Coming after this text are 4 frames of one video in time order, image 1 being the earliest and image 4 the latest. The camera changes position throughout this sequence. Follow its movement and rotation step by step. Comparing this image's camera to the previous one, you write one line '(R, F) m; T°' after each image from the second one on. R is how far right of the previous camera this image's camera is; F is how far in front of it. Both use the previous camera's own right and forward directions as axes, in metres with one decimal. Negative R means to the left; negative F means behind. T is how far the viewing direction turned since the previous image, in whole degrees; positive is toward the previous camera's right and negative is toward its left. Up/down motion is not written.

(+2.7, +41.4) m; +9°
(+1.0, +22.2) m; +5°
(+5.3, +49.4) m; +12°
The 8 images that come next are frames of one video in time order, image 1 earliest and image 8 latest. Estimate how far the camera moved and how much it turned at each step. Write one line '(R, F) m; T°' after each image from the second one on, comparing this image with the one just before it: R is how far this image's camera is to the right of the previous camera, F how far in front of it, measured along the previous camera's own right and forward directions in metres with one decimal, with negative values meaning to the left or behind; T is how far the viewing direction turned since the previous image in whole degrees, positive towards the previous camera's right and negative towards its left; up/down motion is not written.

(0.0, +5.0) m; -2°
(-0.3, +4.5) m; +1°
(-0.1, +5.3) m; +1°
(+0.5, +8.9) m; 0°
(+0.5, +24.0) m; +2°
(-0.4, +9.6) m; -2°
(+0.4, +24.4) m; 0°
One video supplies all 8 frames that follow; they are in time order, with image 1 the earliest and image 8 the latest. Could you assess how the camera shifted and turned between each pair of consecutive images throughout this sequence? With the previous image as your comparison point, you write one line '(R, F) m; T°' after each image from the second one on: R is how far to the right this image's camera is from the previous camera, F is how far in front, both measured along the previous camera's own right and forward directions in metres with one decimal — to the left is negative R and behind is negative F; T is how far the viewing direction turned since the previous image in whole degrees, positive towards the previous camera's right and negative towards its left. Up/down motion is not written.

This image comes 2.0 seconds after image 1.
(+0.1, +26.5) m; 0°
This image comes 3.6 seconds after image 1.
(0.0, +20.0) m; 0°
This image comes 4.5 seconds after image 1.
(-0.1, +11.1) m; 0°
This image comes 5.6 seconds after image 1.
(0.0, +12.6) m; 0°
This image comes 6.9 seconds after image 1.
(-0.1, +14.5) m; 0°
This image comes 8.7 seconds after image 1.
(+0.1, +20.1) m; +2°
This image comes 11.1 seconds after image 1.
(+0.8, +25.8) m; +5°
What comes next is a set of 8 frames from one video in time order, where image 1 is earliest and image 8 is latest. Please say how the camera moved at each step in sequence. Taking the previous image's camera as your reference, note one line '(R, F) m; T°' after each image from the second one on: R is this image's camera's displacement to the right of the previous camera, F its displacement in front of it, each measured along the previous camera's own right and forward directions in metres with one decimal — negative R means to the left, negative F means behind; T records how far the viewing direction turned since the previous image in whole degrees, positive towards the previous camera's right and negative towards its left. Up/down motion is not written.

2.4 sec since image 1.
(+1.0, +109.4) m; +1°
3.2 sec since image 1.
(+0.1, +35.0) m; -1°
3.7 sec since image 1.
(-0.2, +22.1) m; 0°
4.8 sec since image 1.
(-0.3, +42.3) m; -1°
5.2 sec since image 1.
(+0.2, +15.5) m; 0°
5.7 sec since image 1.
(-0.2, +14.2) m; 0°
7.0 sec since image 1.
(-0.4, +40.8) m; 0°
..........
■ Problem to work on ■
Please give back every line of the listing exactly as it stands.

■ Answer box ■
Coming after this text are 4 frames of one video in time order, image 1 being the earliest and image 4 the latest. The camera changes position throughout this sequence. Follow its movement and rotation step by step. Comparing this image's camera to the previous one, you write one line '(R, F) m; T°' after each image from the second one on. R is how far right of the previous camera this image's camera is; F is how far in front of it. Both use the previous camera's own right and forward directions as axes, in metres with one decimal. Negative R means to the left; negative F means behind. T is how far the viewing direction turned since the previous image, in whole degrees; positive is toward the previous camera's right and negative is toward its left. Up/down motion is not written.

(+2.7, +41.4) m; +9°
(+1.0, +22.2) m; +5°
(+5.3, +49.4) m; +12°
The 8 images that come next are frames of one video in time order, image 1 earliest and image 8 latest. Estimate how far the camera moved and how much it turned at each step. Write one line '(R, F) m; T°' after each image from the second one on, comparing this image with the one just before it: R is how far this image's camera is to the right of the previous camera, F how far in front of it, measured along the previous camera's own right and forward directions in metres with one decimal, with negative values meaning to the left or behind; T is how far the viewing direction turned since the previous image in whole degrees, positive towards the previous camera's right and negative towards its left; up/down motion is not written.

(0.0, +5.0) m; -2°
(-0.3, +4.5) m; +1°
(-0.1, +5.3) m; +1°
(+0.5, +8.9) m; 0°
(+0.5, +24.0) m; +2°
(-0.4, +9.6) m; -2°
(+0.4, +24.4) m; 0°
One video supplies all 8 frames that follow; they are in time order, with image 1 the earliest and image 8 the latest. Could you assess how the camera shifted and turned between each pair of consecutive images throughout this sequence? With the previous image as your comparison point, you write one line '(R, F) m; T°' after each image from the second one on: R is how far to the right this image's camera is from the previous camera, F is how far in front, both measured along the previous camera's own right and forward directions in metres with one decimal — to the left is negative R and behind is negative F; T is how far the viewing direction turned since the previous image in whole degrees, positive towards the previous camera's right and negative towards its left. Up/down motion is not written.

This image comes 2.0 seconds after image 1.
(+0.1, +26.5) m; 0°
This image comes 3.6 seconds after image 1.
(0.0, +20.0) m; 0°
This image comes 4.5 seconds after image 1.
(-0.1, +11.1) m; 0°
This image comes 5.6 seconds after image 1.
(0.0, +12.6) m; 0°
This image comes 6.9 seconds after image 1.
(-0.1, +14.5) m; 0°
This image comes 8.7 seconds after image 1.
(+0.1, +20.1) m; +2°
This image comes 11.1 seconds after image 1.
(+0.8, +25.8) m; +5°
What comes next is a set of 8 frames from one video in time order, where image 1 is earliest and image 8 is latest. Please say how the camera moved at each step in sequence. Taking the previous image's camera as your reference, note one line '(R, F) m; T°' after each image from the second one on: R is this image's camera's displacement to the right of the previous camera, F its displacement in front of it, each measured along the previous camera's own right and forward directions in metres with one decimal — negative R means to the left, negative F means behind; T records how far the viewing direction turned since the previous image in whole degrees, positive towards the previous camera's right and negative towards its left. Up/down motion is not written.

2.4 sec since image 1.
(+1.0, +109.4) m; +1°
3.2 sec since image 1.
(+0.1, +35.0) m; -1°
3.7 sec since image 1.
(-0.2, +22.1) m; 0°
4.8 sec since image 1.
(-0.3, +42.3) m; -1°
5.2 sec since image 1.
(+0.2, +15.5) m; 0°
5.7 sec since image 1.
(-0.2, +14.2) m; 0°
7.0 sec since image 1.
(-0.4, +40.8) m; 0°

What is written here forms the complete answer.